Porque las tierras de sangre simplemente se desplazaron hacia el sur. Gaza es el escenario de atrocidades, pero sólo aquellas cometidas por Hamas reciben la atención que merecen. En contraste, otros horrores perfectamente documentados son casi invisibles: el increíble número de niños palestinos amputados, los bebés de pecho condenados a morir de forma prematura por el ejército israelí, los cuerpos retirados con topadoras, la práctica generalizada de tortura por medio de violaciones en prisión, los repetidos asesinatos de periodistas, las crueles prohibiciones que pesan sobre la importación de toda suerte de equipamientos médicos de primera necesidad, y así sucesivamente. Las vidas palestinas, es evidente, no tienen el mismo valor que las occidentales, en una lógica macabra que se extiende a Líbano, Siria, Irak, Yemen e incluso a Libia.

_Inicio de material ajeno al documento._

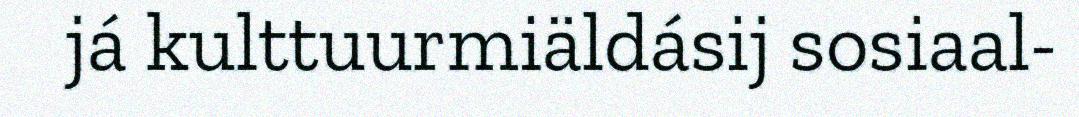
já kulttuurmiäldásij sosiaal-

Esas tierras de sangre tienen un equivalente: el mar de lágrimas en que se está convirtiendo el Mediterráneo, a medida que se lanzan allí decenas de miles de inmigrantes librados a morir ahogados. El paralelo es importante, porque la obligación de rescate marítimo tiene los mismos orígenes que el derecho de asilo y que el de la guerra: esos principios, presumidos universales, nacieron en Europa occidental, ante todo para aliviar los sufrimientos de los europeos. Estos últimos quisieran hoy hacer de ellos su privilegio, privar de esos derechos a una parte de la humanidad en nombre de una visión jerárquica del mundo que tomaron prestada de una tradición colonial y racista.
Pornoguerra
La idea de una superioridad civilizatoria es el fundamento de todos los razonamientos de ese tipo. Encuentra su confirmación en una sobrecapacidad del poder tecnológico, que sirve como validación tautológica en todos los discursos teñidos de supremacía: los occidentales son los mejores porque son los más fuertes. Las tecnoguerras de Israel en Gaza y en Líbano no son una excepción en la materia. Dieron lugar a una mórbida fascinación por sus aspectos más vanguardistas: se trataría de guerras de alta precisión, casi científicas, llevadas a cabo con misiles guiados, asesinatos focalizados, inteligencia en tiempo real reforzada por drones e inteligencia artificial. El Hezbollah libanés vio cómo sus buscapersonas, instrumentos de comunicación deliberadamente arcaicos, fueron transformados en bombas a control remoto, explotando en las manos de sus tropas. Así surge la imagen de una fuerza israelí ciertamente destructora, pero evolucionada, sutil, avezada, y alabada en cuanto tal en el discurso predominante.
Pero la tecnoguerra sirve, en lo principal, para ocultar realidades más banales. Por un lado, está la sobreutilización de la fuerza. Si Gaza se convirtió en el paisaje lunar que conocemos es porque Israel tenía los medios tecnológicos, no para atacar con discernimiento una red de túneles enemigos, sino más simplemente para destruir todo, incluso las infraestructuras civiles y los edificios residenciales comunes. En Líbano, para matar al jefe de Hezbollah, Hassan Nasrallah, Israel utilizó 80 bombas masivas de tipo antibúnker; a título de comparación, Estados Unidos usó sólo 24 para derribar todo el régimen de Saddam Hussein. La tecnoguerra, en la práctica, no produce más moderación: más bien permite que todos los límites se corran.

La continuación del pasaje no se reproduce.